▶ [Aim of the exercise] Among the entries below, only the lines from the one with "Vraag: Wanneer is deze uitspraak gedaan?" through the one with "Antwoord: 2011-08-18" are to be retyped, exactly and without pictures.
##### Data section
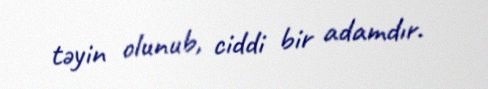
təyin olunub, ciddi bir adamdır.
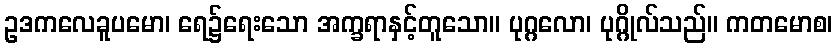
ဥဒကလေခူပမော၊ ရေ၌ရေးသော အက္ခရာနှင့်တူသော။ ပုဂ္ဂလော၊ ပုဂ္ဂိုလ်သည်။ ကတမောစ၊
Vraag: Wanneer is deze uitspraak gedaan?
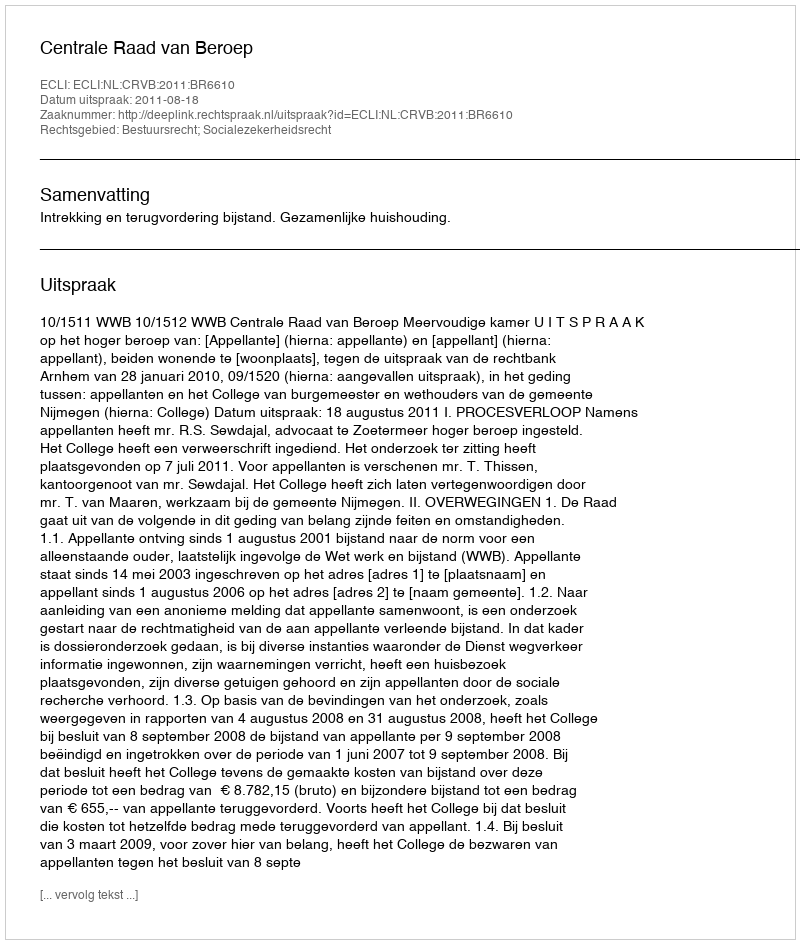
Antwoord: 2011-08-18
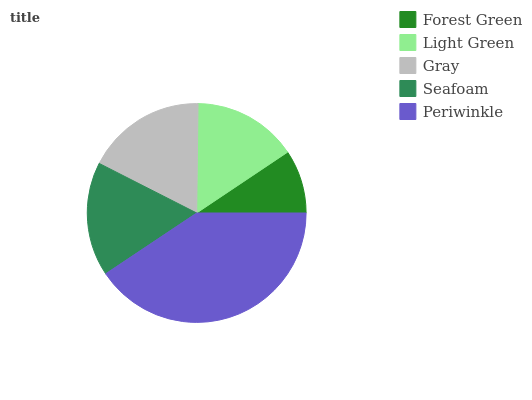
##########
##### Data section
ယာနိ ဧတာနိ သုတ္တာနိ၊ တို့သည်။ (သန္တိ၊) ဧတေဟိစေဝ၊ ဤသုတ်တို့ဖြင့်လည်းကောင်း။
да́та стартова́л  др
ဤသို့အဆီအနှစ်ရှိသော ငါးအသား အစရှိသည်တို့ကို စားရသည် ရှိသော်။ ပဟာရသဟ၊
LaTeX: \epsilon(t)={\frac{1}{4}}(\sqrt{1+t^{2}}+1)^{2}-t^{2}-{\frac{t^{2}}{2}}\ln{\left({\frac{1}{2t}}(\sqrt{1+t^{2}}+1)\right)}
##########
##### Data section
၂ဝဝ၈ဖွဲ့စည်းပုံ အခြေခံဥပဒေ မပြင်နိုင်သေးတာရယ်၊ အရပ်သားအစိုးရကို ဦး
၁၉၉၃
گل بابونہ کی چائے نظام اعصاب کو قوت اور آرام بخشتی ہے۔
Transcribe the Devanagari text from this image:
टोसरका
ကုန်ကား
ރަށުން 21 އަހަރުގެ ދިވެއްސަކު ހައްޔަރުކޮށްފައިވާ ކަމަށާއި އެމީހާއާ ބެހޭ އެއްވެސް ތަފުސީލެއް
##########
▶ [Response below]
Vraag: Wanneer is deze uitspraak gedaan?
Antwoord: 2011-08-18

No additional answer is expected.